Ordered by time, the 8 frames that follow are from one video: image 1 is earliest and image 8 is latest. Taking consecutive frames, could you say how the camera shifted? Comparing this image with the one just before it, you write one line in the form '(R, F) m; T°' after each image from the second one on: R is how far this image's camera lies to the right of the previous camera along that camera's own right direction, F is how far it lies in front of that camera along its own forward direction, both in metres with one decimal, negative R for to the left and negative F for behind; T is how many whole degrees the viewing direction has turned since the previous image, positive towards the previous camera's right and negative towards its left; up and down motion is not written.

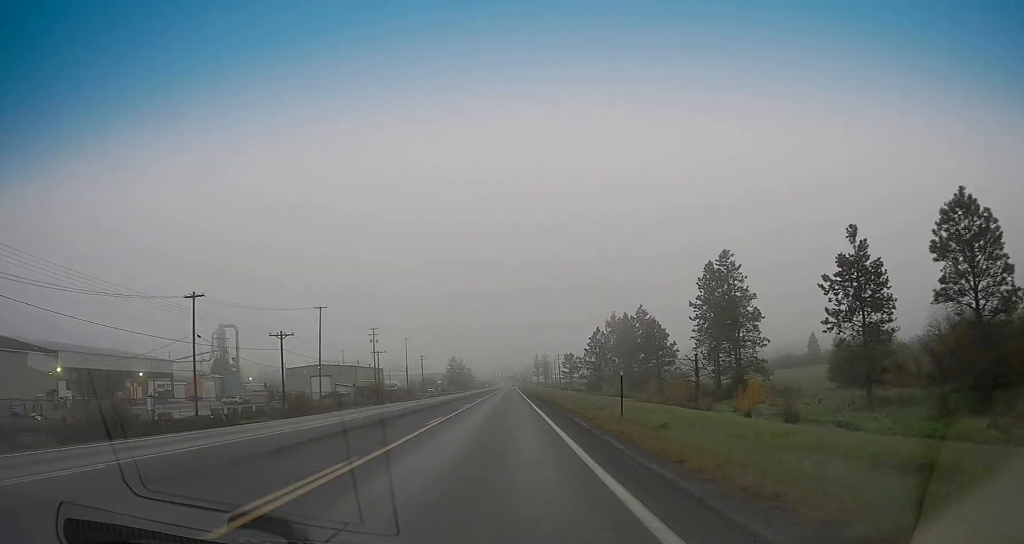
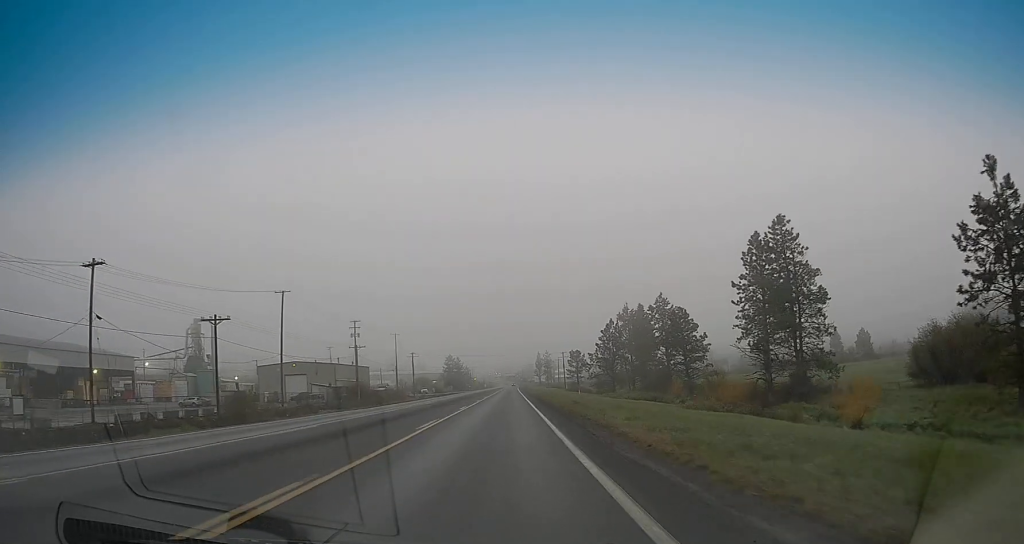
(+0.2, +17.3) m; 0°
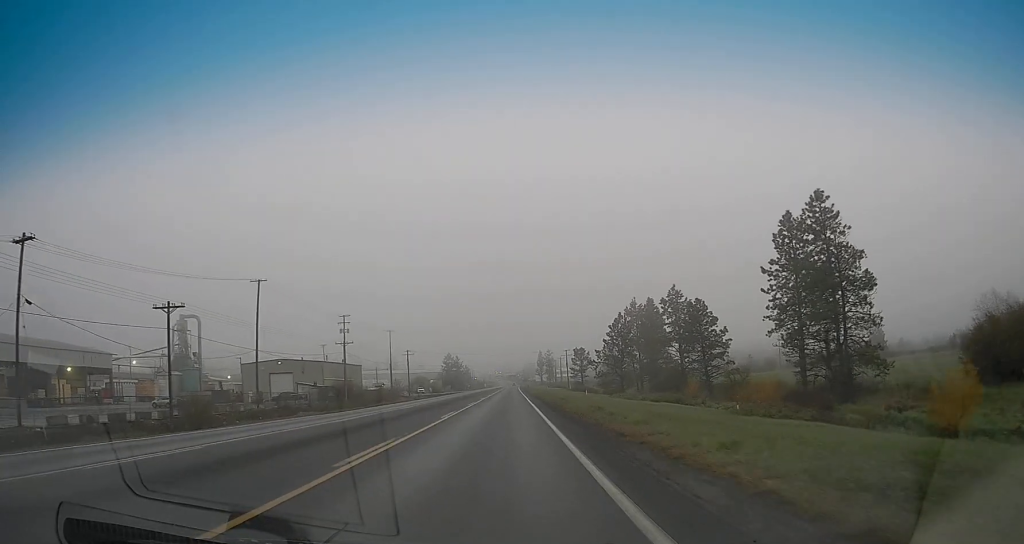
(-0.1, +8.6) m; -1°
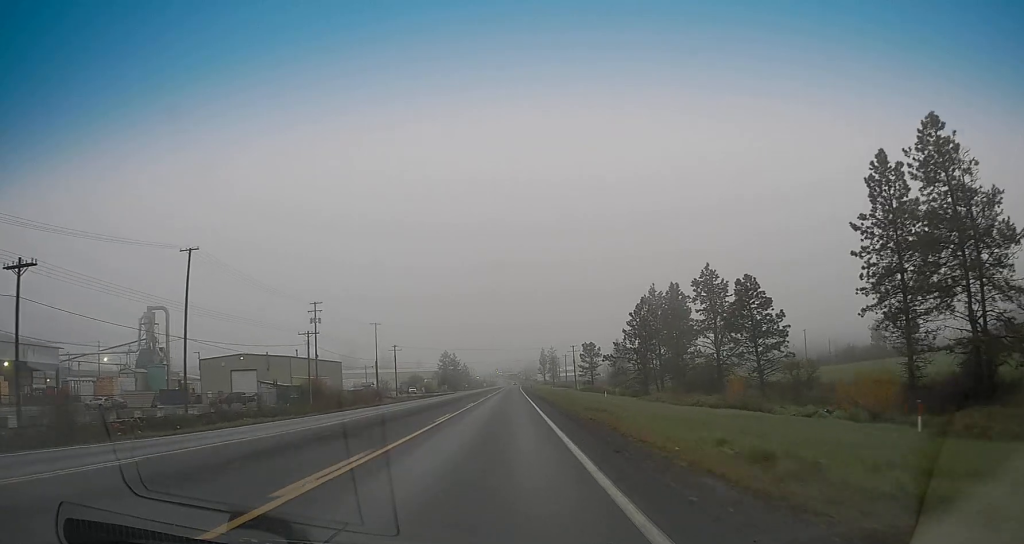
(-0.3, +17.9) m; -1°
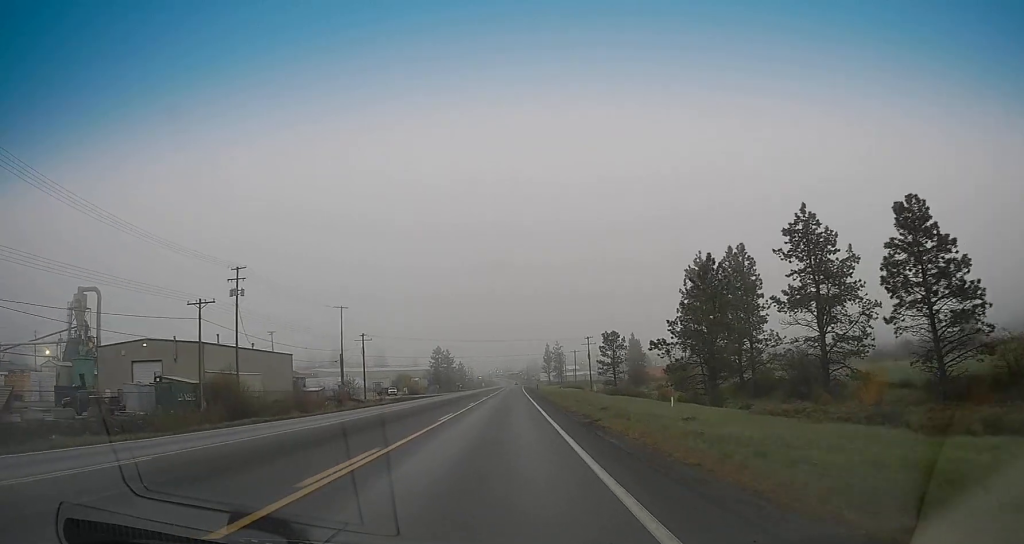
(+0.4, +30.0) m; +2°
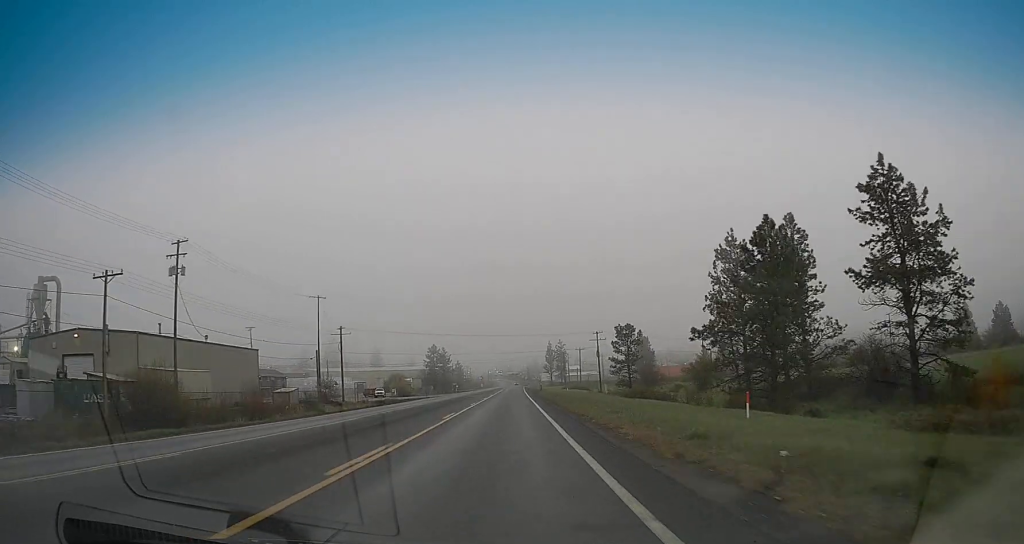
(-0.1, +14.0) m; -1°
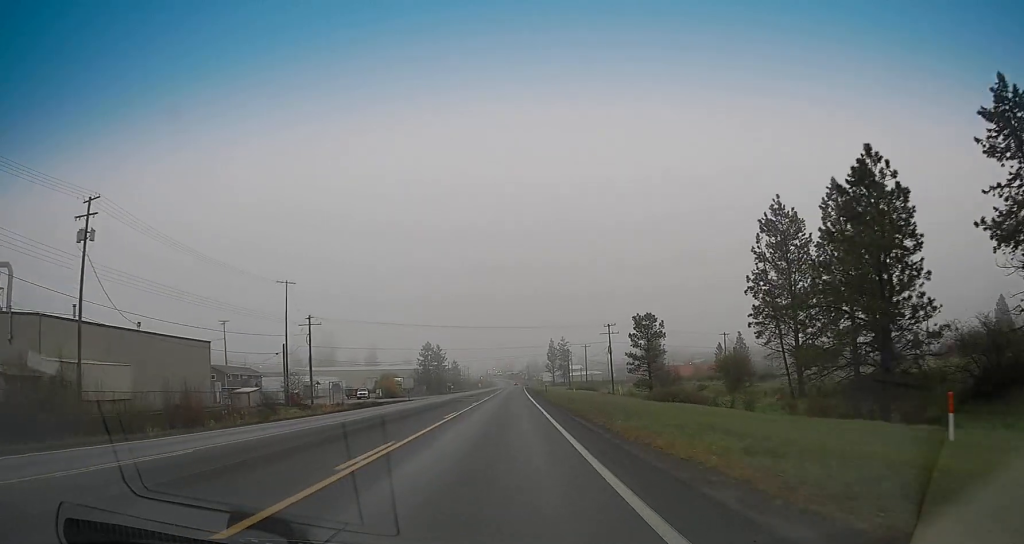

WHAT THE TASK ASKS
Repeat the material above in full and exactly, apart from the pictures.

EXERCISE SOLUTION
Ordered by time, the 8 frames that follow are from one video: image 1 is earliest and image 8 is latest. Taking consecutive frames, could you say how the camera shifted? Comparing this image with the one just before it, you write one line in the form '(R, F) m; T°' after each image from the second one on: R is how far this image's camera lies to the right of the previous camera along that camera's own right direction, F is how far it lies in front of that camera along its own forward direction, both in metres with one decimal, negative R for to the left and negative F for behind; T is how many whole degrees the viewing direction has turned since the previous image, positive towards the previous camera's right and negative towards its left; up and down motion is not written.

(+0.2, +17.3) m; 0°
(-0.1, +8.6) m; -1°
(-0.3, +17.9) m; -1°
(+0.4, +30.0) m; +2°
(-0.1, +14.0) m; -1°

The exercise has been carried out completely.